Help for abused Women
Only one’s own experience can find an echo in others.
I was born with anorexia as an unwelcome gift, I had no choice but to live with it.
I was likely to be “at risk”, so, at 17, I ran away, I left home which was not a home for me, but a sort of hell.
Cold and destructive.
I worked as cleaner, sales assistant, to pay my Art studies during 5 years.
Art was my life’s sole objective.
I could never have survived without this all consuming and focused passion.
This Art (photography) was stronger than any form of addiction; it gave me a crucial sense of life.
However I remained a person at risk: likely to fail, fall, and lose myself, because I was gifted with
a heightened sensitivity and a very acute perception, which, in a certain way was very dangerous for me.
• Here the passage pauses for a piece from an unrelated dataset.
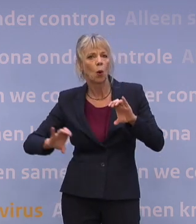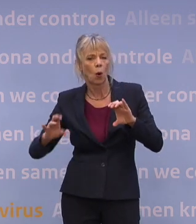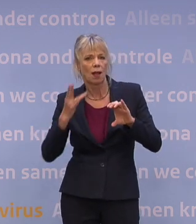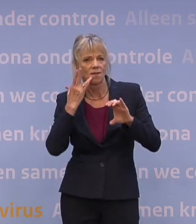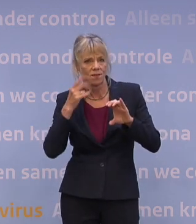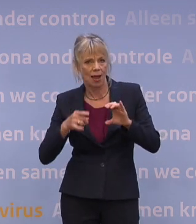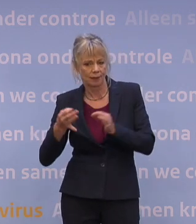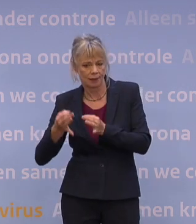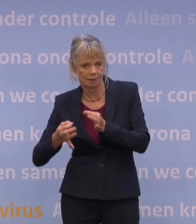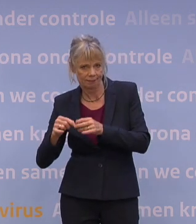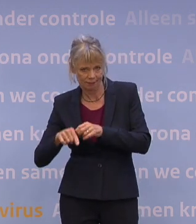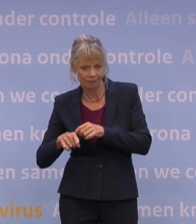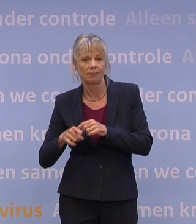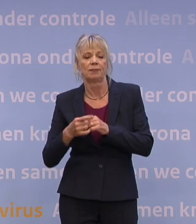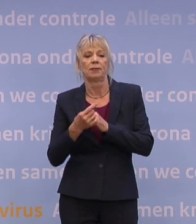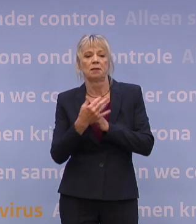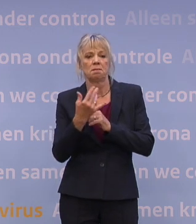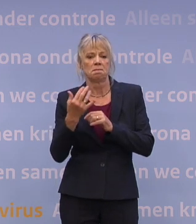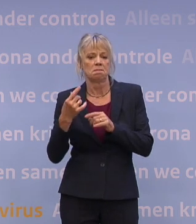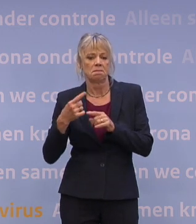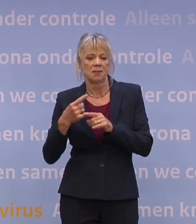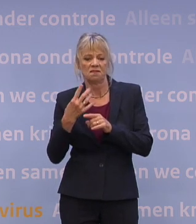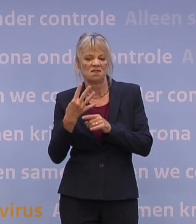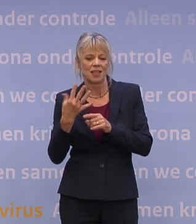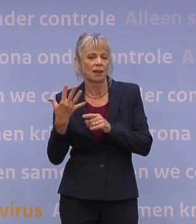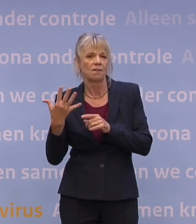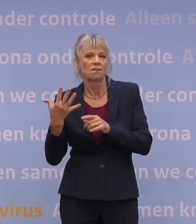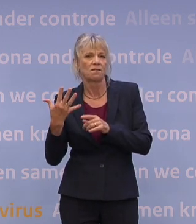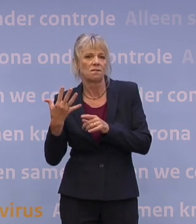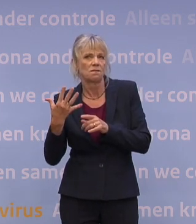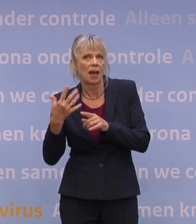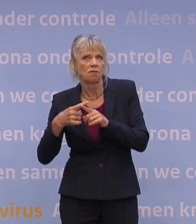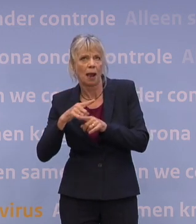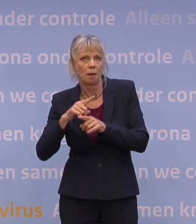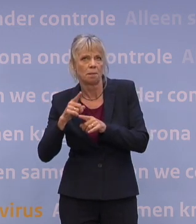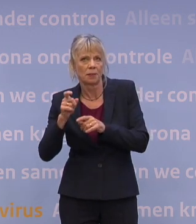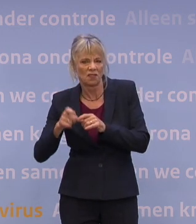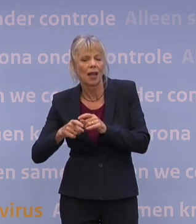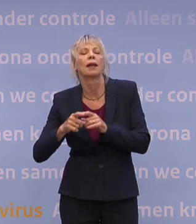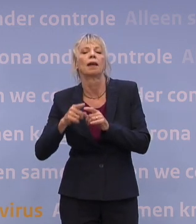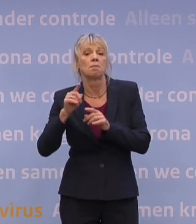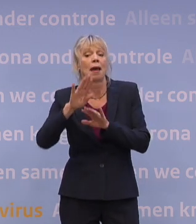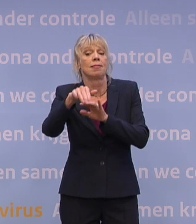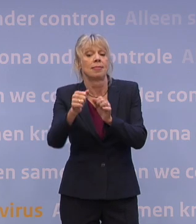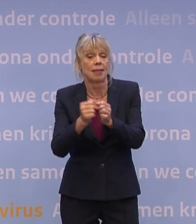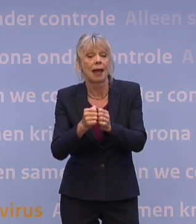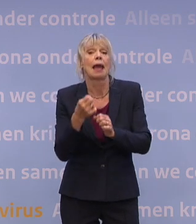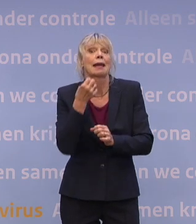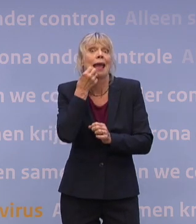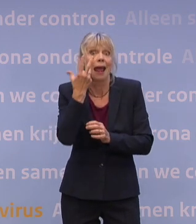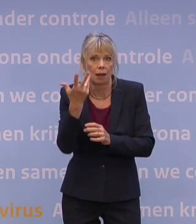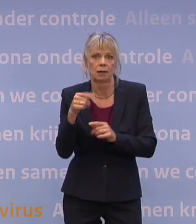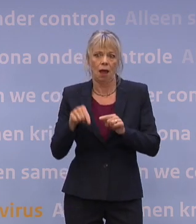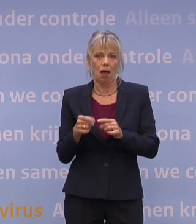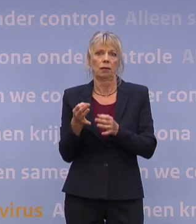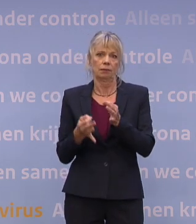naar meerdere keren per week, naar vier keer per week, naar vijf keer per week, naar dagelijks toe in het najaar. daarmee hebben we, denk ik, een hele goeie,
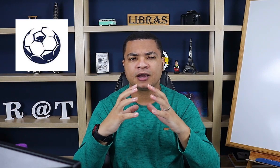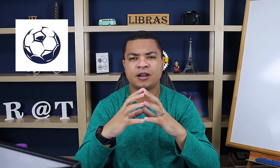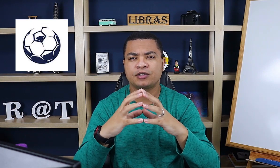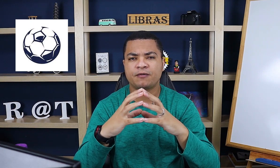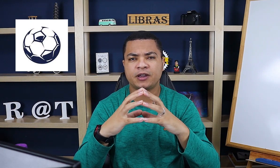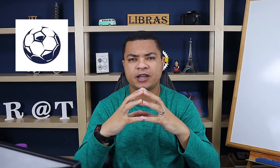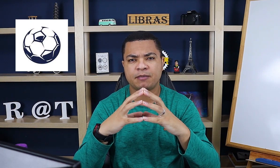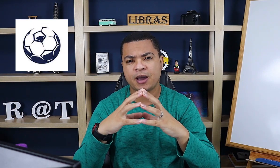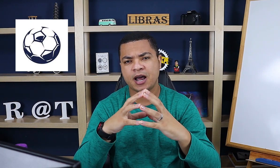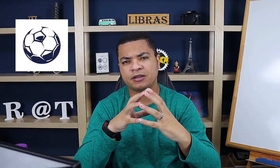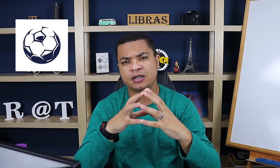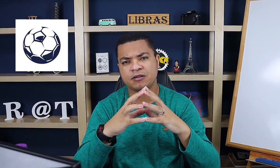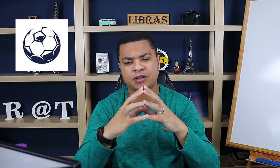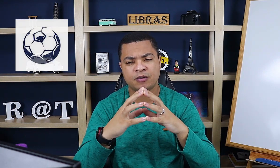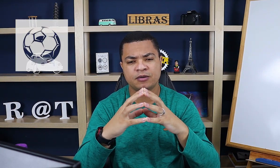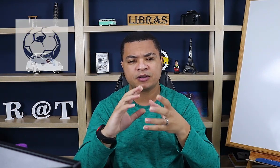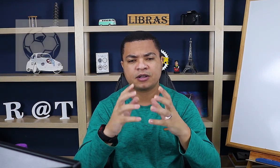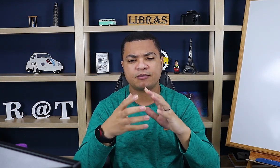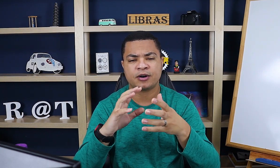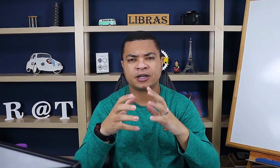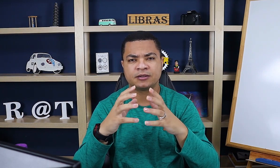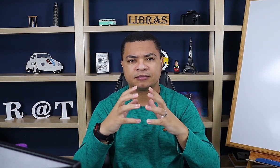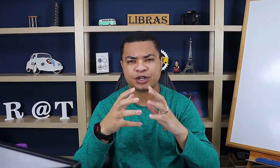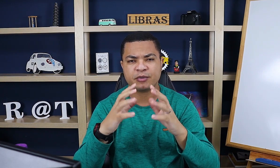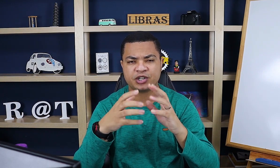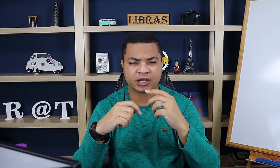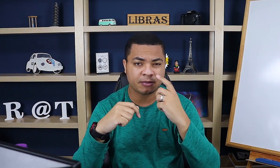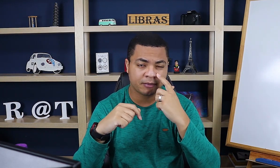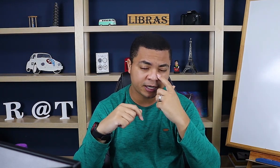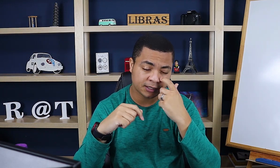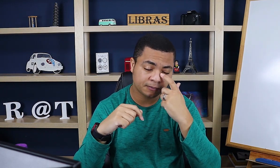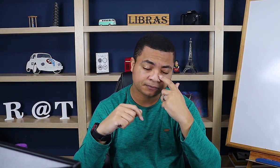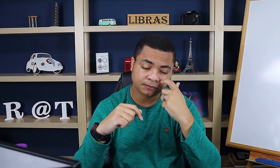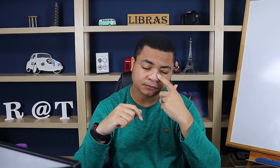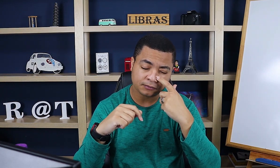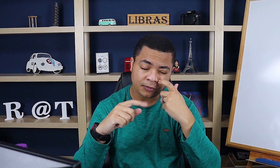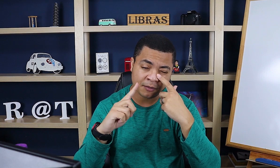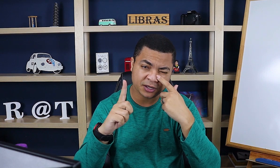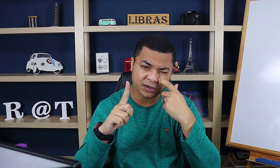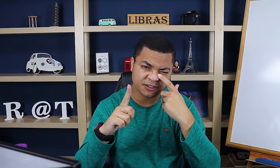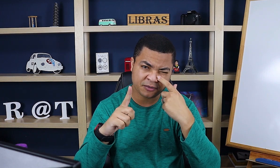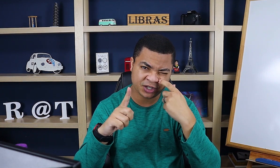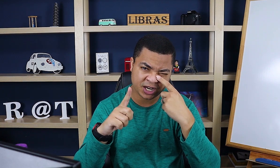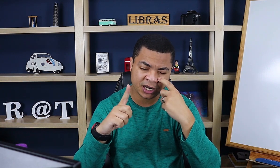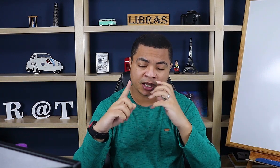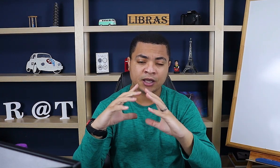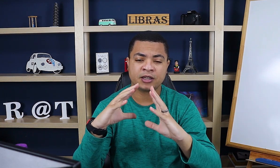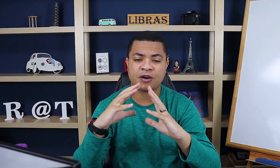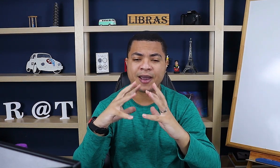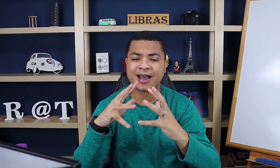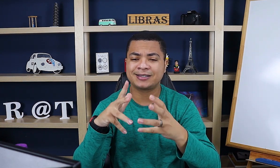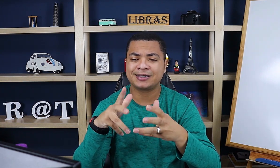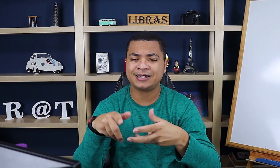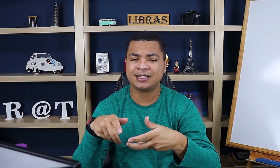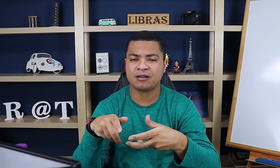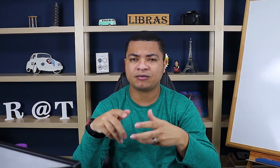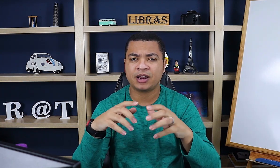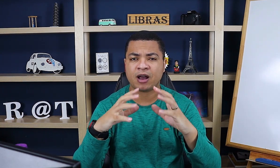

When I was 32, I met evil in the form of a narcissistic pervert who, for 3 years, transformed my life into slavery.
I’m convinced, because I was an anorexic person, eating-disorder person, I was susceptible to becoming a victim
of a manipulator, a woman beater.
This outcome was a near scientific fatality as all in me was able to connect with perdition, addiction, slavery.
But I’ve been born a second time.
Thanks to Art I have woken up and it has helped me to sit up literally.
It seems simple like that but life can be very painful when one is the victim of someone who is stronger.
My great good luck comes from my rebel side that nobody can kill.
Inside us all we need a little place of light, very strong, virtually in contradiction with the sad rest of us.
In this way we already have the tools to survive, even in the worst of times.
Antablog has been created to answer all sorts of questions that anorexics, abused persons,
or runaways frequently ask.
A sort of FAQ.
This blog is for us, for you, especially if you’re in the dark at this stage.
All the best.
This information is provided for guidance only and you are strongly recommended to seek suitable expert advice and help ASAP, if you’re in danger.